▸ Required work: In the entries below, tally the lines that contain the string "clipPath", then state that number alone.

[Data items]
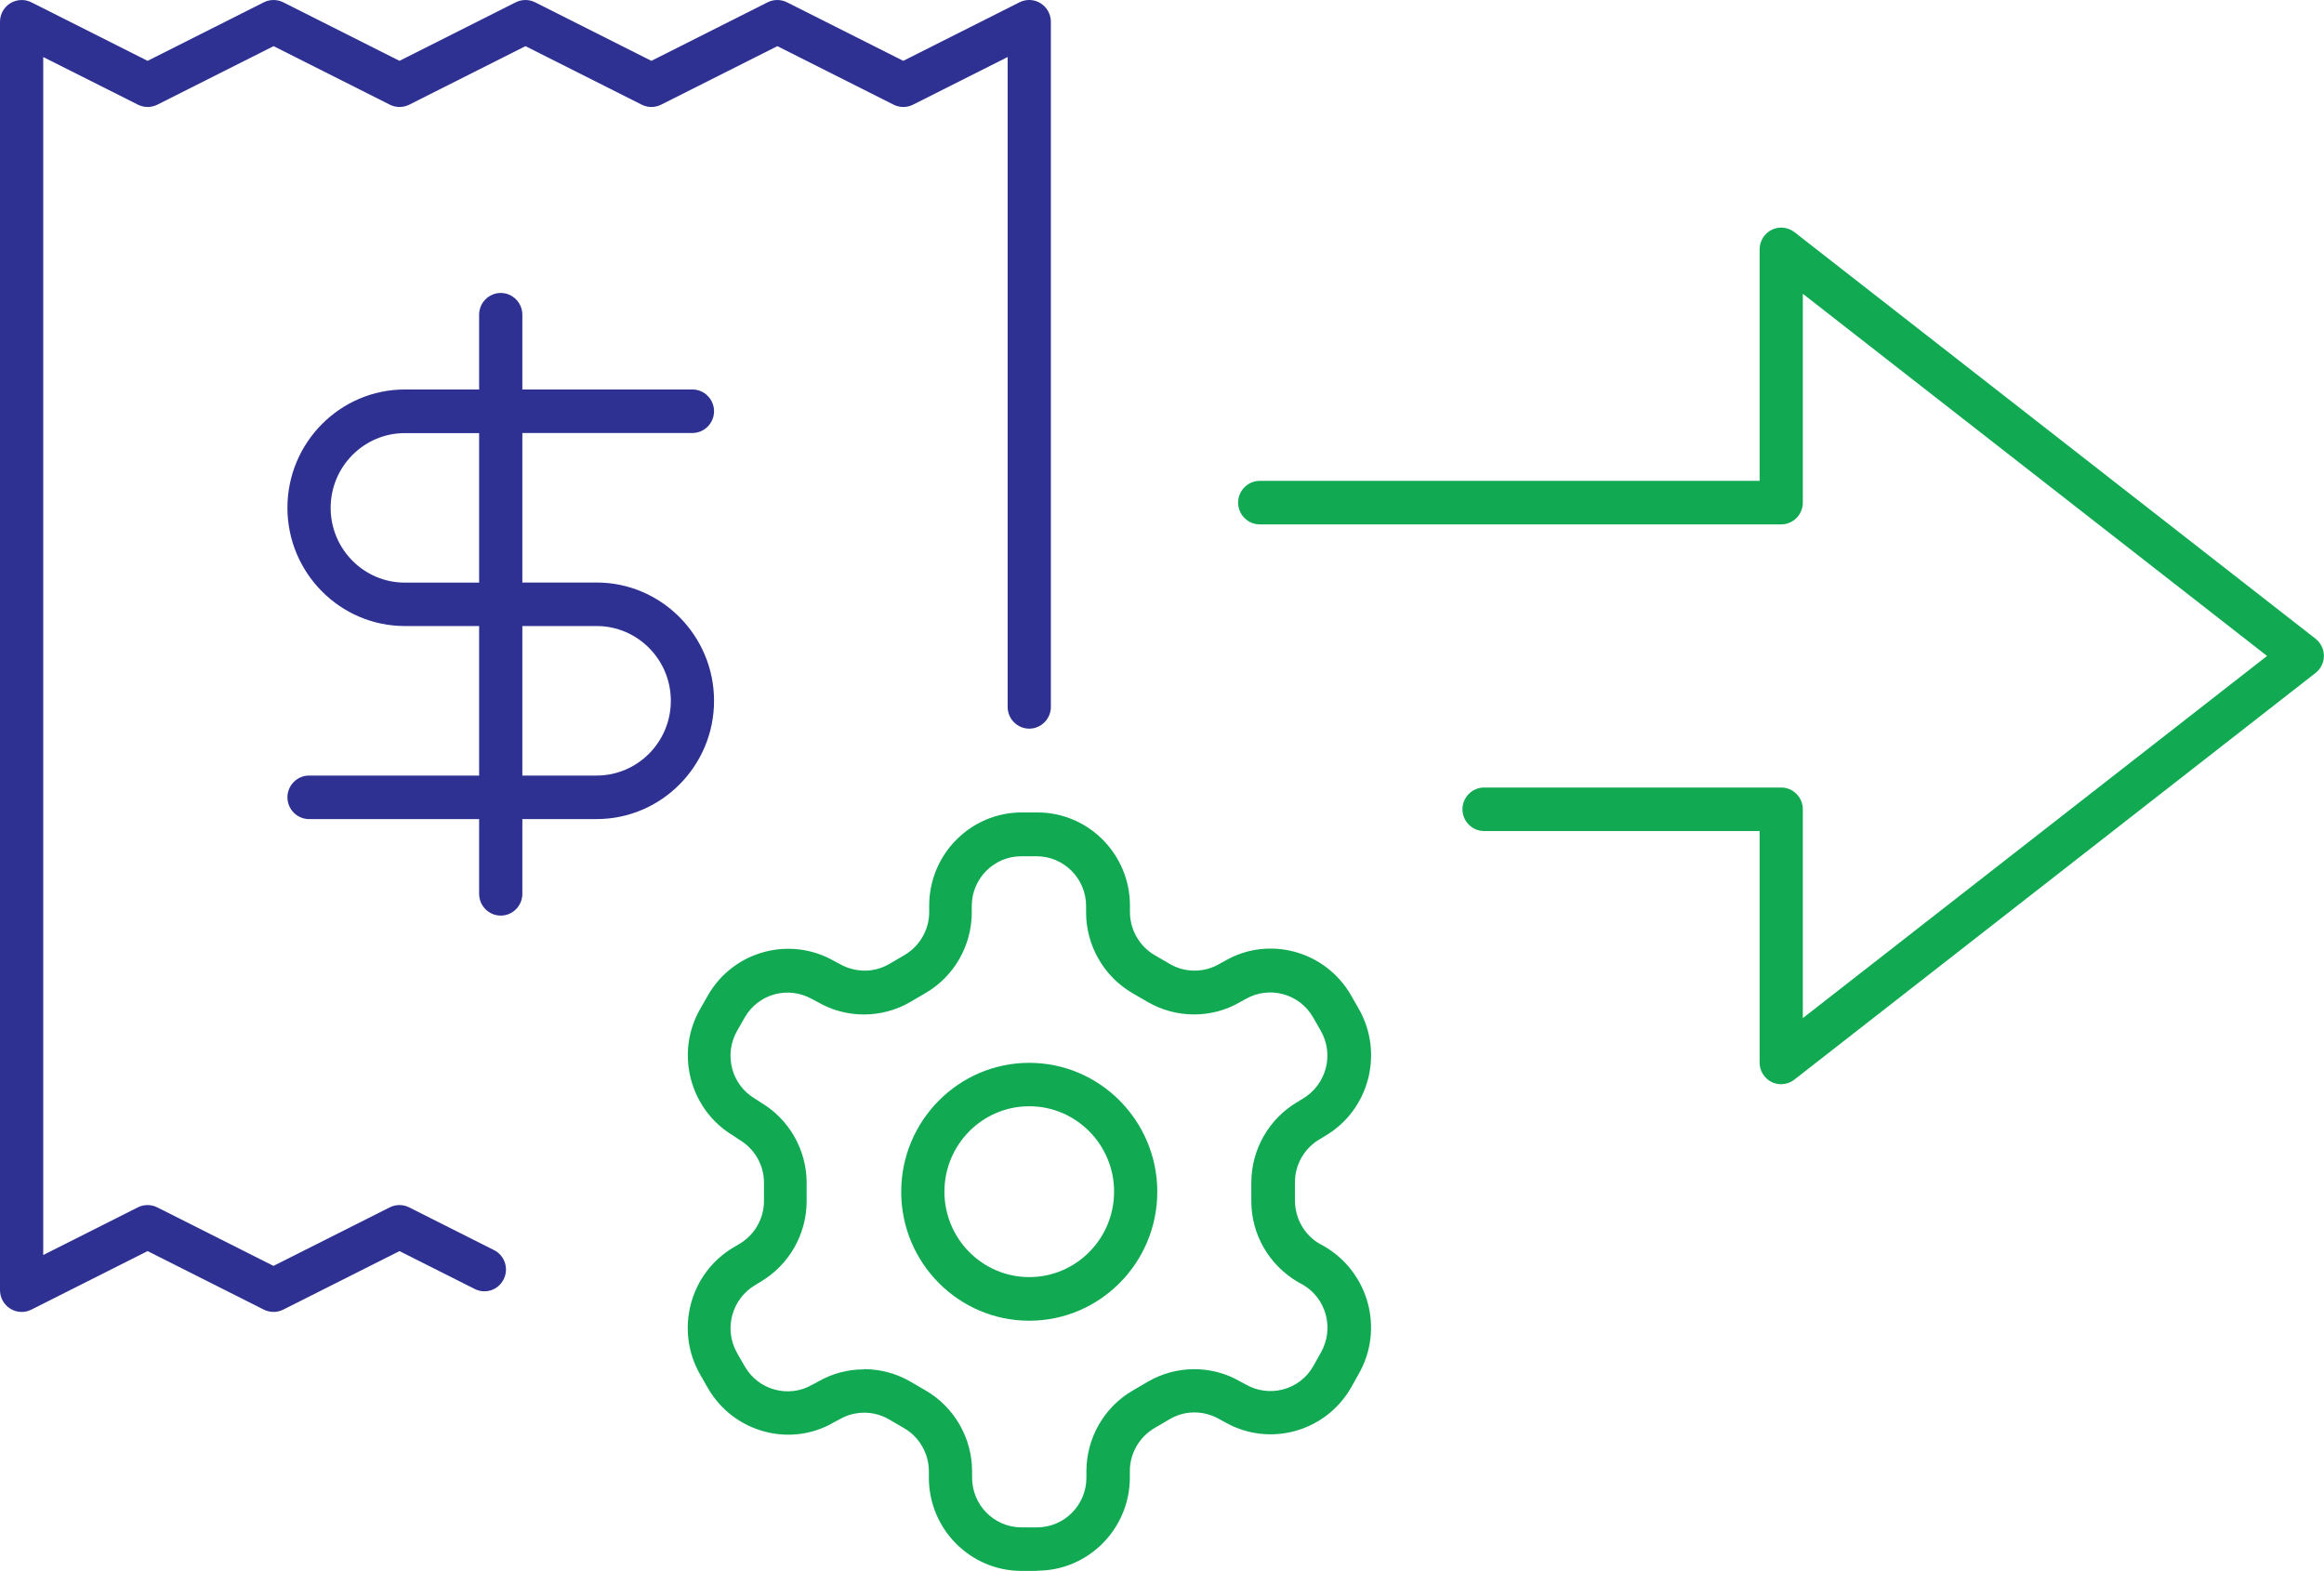 <svg width="287" height="194" viewBox="0 0 287 194" fill="none" xmlns="http://www.w3.org/2000/svg">
<g clip-path="url(#clip0_2179_11931)">
<path d="M219.97 133.902C219.569 133.902 219.169 133.808 218.795 133.633C217.875 133.176 217.301 132.249 217.301 131.214V102.63H183.272C181.805 102.63 180.604 101.421 180.604 99.942C180.604 98.464 181.805 97.255 183.272 97.255H219.97C221.438 97.255 222.639 98.464 222.639 99.942V125.731L279.967 81.007L222.639 36.283V62.072C222.639 63.55 221.438 64.76 219.97 64.76H155.569C154.101 64.76 152.9 63.55 152.9 62.072C152.9 60.594 154.101 59.385 155.569 59.385H217.301V30.801C217.301 29.779 217.875 28.838 218.795 28.382C219.703 27.925 220.797 28.046 221.598 28.664L285.945 78.871C286.599 79.381 286.986 80.161 286.986 80.994C286.986 81.827 286.599 82.606 285.945 83.117L221.598 133.324C221.117 133.7 220.544 133.888 219.97 133.888V133.902Z" fill="#11AA53"/>
<path d="M33.775 162.017C33.361 162.017 32.961 161.923 32.587 161.735L18.229 154.505L3.87 161.735C3.043 162.151 2.055 162.111 1.268 161.614C0.48 161.13 0 160.256 0 159.329V2.688C0 1.761 0.48 0.888 1.268 0.404C2.055 -0.08 3.043 -0.134 3.87 0.283L18.229 7.513L32.587 0.283C33.334 -0.093 34.229 -0.093 34.976 0.283L49.335 7.513L63.693 0.283C64.441 -0.093 65.335 -0.093 66.082 0.283L80.441 7.513L94.799 0.283C95.547 -0.093 96.441 -0.093 97.188 0.283L111.547 7.513L125.905 0.283C126.733 -0.134 127.72 -0.093 128.507 0.404C129.295 0.888 129.775 1.761 129.775 2.688V87.298C129.775 88.776 128.574 89.986 127.106 89.986C125.638 89.986 124.437 88.776 124.437 87.298V7.043L112.748 12.929C112 13.305 111.106 13.305 110.359 12.929L96 5.699L81.642 12.929C80.894 13.305 80 13.305 79.253 12.929L64.894 5.699L50.536 12.929C49.788 13.305 48.894 13.305 48.147 12.929L33.788 5.699L19.43 12.929C18.682 13.305 17.788 13.305 17.041 12.929L5.338 7.043V154.988L17.028 149.102C17.775 148.726 18.669 148.726 19.416 149.102L33.775 156.332L48.134 149.102C48.881 148.726 49.775 148.726 50.522 149.102L61.011 154.384C62.332 155.042 62.866 156.668 62.199 157.985C61.545 159.316 59.944 159.853 58.622 159.181L49.335 154.505L34.976 161.735C34.602 161.923 34.189 162.017 33.788 162.017H33.775ZM61.838 113.073C60.37 113.073 59.169 111.864 59.169 110.386V101.153H38.165C36.697 101.153 35.496 99.944 35.496 98.466C35.496 96.987 36.697 95.778 38.165 95.778H59.169V77.313H50.002C42.008 77.313 35.496 70.755 35.496 62.705C35.496 54.656 42.008 48.098 50.002 48.098H59.169V38.865C59.169 37.387 60.37 36.178 61.838 36.178C63.306 36.178 64.507 37.387 64.507 38.865V48.098H85.511C86.979 48.098 88.18 49.307 88.18 50.785C88.18 52.264 86.979 53.473 85.511 53.473H64.507V71.938H73.675C81.668 71.938 88.18 78.496 88.18 86.546C88.18 94.595 81.668 101.153 73.675 101.153H64.507V110.386C64.507 111.864 63.306 113.073 61.838 113.073ZM64.507 95.778H73.675C78.733 95.778 82.843 91.639 82.843 86.546C82.843 81.452 78.733 77.313 73.675 77.313H64.507V95.778ZM50.002 53.486C44.944 53.486 40.834 57.626 40.834 62.719C40.834 67.812 44.944 71.951 50.002 71.951H59.169V53.486H50.002Z" fill="#2E3192"/>
<path d="M128.067 193.999H126.145C119.833 193.999 114.709 188.839 114.709 182.482V181.689C114.709 179.512 113.535 177.47 111.666 176.381L109.771 175.279C107.903 174.191 105.555 174.191 103.686 175.279L102.952 175.669C97.575 178.8 90.582 176.905 87.419 171.422L86.459 169.743C83.309 164.246 85.191 157.191 90.635 154.019L91.263 153.643C93.198 152.528 94.359 150.472 94.345 148.281V146.023C94.345 143.873 93.171 141.844 91.303 140.755C91.249 140.729 91.209 140.702 91.156 140.661L90.569 140.258C85.178 137.06 83.336 130.045 86.472 124.589L87.433 122.909C90.582 117.426 97.588 115.545 103.046 118.703L103.633 119.012C105.595 120.141 107.93 120.154 109.811 119.052L111.693 117.95C113.575 116.848 114.749 114.819 114.749 112.642V111.849C114.749 105.492 119.873 100.332 126.185 100.332H128.107C134.419 100.332 139.543 105.492 139.543 111.849V112.642C139.543 114.819 140.717 116.862 142.586 117.95L144.48 119.052C146.349 120.141 148.684 120.141 150.566 119.052L151.3 118.649C156.677 115.531 163.67 117.413 166.833 122.895L167.793 124.575C170.943 130.072 169.074 137.127 163.616 140.299L163.003 140.675C161.068 141.79 159.907 143.846 159.92 146.037V148.254C159.92 150.458 161.081 152.514 162.963 153.603L163.536 153.912C169.061 157.137 170.943 164.179 167.793 169.675L166.846 171.369C163.67 176.878 156.677 178.76 151.219 175.602L150.646 175.293C148.684 174.15 146.349 174.15 144.467 175.252L142.586 176.354C140.704 177.456 139.53 179.486 139.53 181.663V182.455C139.53 188.799 134.405 193.972 128.093 193.972L128.067 193.999ZM106.702 169.084C108.677 169.084 110.666 169.595 112.44 170.629L114.335 171.731C117.845 173.774 120.047 177.591 120.047 181.689V182.482C120.047 185.869 122.782 188.624 126.145 188.624H128.067C131.43 188.624 134.165 185.869 134.165 182.482V181.689C134.165 177.591 136.354 173.774 139.877 171.731L141.758 170.629C145.295 168.573 149.672 168.573 153.194 170.629L153.768 170.939C156.757 172.672 160.481 171.664 162.162 168.748L163.109 167.055C164.804 164.098 163.803 160.349 160.894 158.656L160.32 158.347C156.704 156.237 154.502 152.407 154.529 148.281V146.091C154.516 141.978 156.704 138.148 160.24 136.079L160.854 135.702C163.79 133.982 164.791 130.233 163.109 127.303L162.149 125.624C160.467 122.694 156.731 121.699 153.822 123.379L153.088 123.782C149.645 125.785 145.254 125.785 141.732 123.742L139.837 122.64C136.327 120.597 134.125 116.781 134.125 112.682V111.889C134.125 108.503 131.39 105.748 128.027 105.748H126.105C122.742 105.748 120.007 108.503 120.007 111.889V112.682C120.007 116.781 117.818 120.597 114.295 122.64L112.414 123.742C108.877 125.798 104.5 125.798 100.964 123.742L100.377 123.433C97.401 121.699 93.665 122.707 91.983 125.637L91.022 127.317C89.354 130.246 90.342 133.996 93.251 135.689C93.304 135.716 93.344 135.743 93.398 135.783L93.985 136.173C97.441 138.216 99.603 141.992 99.616 146.023V148.294C99.63 152.407 97.441 156.237 93.905 158.306L93.291 158.683C90.355 160.403 89.354 164.152 91.022 167.082L91.983 168.762C93.665 171.678 97.401 172.699 100.31 171.006L101.044 170.616C102.766 169.622 104.701 169.111 106.662 169.111L106.702 169.084Z" fill="#11AA53"/>
<path d="M127.106 163.105C118.379 163.105 111.293 155.956 111.293 147.181C111.293 138.405 118.392 131.256 127.106 131.256C135.82 131.256 142.919 138.405 142.919 147.181C142.919 155.956 135.82 163.105 127.106 163.105ZM127.106 136.618C121.328 136.618 116.631 141.348 116.631 147.167C116.631 152.986 121.328 157.717 127.106 157.717C132.884 157.717 137.582 152.986 137.582 147.167C137.582 141.348 132.884 136.618 127.106 136.618Z" fill="#11AA53"/>
</g>
<defs>
<clipPath id="clip0_2179_11931">
<rect width="287" height="194" fill="white"/>
</clipPath>
</defs>
</svg>

▸ Response to the task: 2